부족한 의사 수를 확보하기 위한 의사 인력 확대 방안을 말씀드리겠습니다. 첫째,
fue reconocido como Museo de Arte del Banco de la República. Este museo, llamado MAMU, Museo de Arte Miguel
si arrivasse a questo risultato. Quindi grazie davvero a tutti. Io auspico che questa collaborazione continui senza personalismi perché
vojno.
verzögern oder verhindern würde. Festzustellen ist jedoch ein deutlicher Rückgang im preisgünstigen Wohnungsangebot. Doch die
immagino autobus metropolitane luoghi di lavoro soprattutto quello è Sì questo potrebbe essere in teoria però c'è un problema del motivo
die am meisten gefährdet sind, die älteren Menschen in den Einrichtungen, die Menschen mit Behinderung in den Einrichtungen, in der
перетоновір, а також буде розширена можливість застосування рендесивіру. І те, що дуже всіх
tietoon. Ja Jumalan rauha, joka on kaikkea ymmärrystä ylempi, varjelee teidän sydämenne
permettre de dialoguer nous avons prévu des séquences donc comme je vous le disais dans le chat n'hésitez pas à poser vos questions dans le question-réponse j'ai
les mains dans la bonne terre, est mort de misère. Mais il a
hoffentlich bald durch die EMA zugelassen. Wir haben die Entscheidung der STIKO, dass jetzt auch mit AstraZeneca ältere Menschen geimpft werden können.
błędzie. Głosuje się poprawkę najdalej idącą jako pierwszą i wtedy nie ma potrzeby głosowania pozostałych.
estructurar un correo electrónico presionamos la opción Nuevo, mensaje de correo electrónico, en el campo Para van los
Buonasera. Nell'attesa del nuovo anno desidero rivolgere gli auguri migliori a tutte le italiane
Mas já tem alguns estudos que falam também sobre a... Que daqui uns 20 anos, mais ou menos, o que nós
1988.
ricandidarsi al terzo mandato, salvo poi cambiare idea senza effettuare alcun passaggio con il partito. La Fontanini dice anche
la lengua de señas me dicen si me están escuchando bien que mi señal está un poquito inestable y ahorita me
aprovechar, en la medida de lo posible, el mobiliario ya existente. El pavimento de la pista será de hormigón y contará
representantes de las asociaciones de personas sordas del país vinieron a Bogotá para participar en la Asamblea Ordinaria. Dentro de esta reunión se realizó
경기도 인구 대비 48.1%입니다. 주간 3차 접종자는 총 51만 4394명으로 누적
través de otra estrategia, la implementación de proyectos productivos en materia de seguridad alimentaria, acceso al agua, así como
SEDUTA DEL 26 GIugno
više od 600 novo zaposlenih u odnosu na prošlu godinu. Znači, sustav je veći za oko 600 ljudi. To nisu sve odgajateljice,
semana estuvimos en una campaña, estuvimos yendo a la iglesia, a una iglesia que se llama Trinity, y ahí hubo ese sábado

* * * * * * * * *

Set down exactly the lines of the data above, beginning with the line that has "перетоновір, а також" and ending with the line that has "tietoon. Ja Jumalan", and no others.

### ANSWER SECTION
перетоновір, а також буде розширена можливість застосування рендесивіру. І те, що дуже всіх
tietoon. Ja Jumalan rauha, joka on kaikkea ymmärrystä ylempi, varjelee teidän sydämenne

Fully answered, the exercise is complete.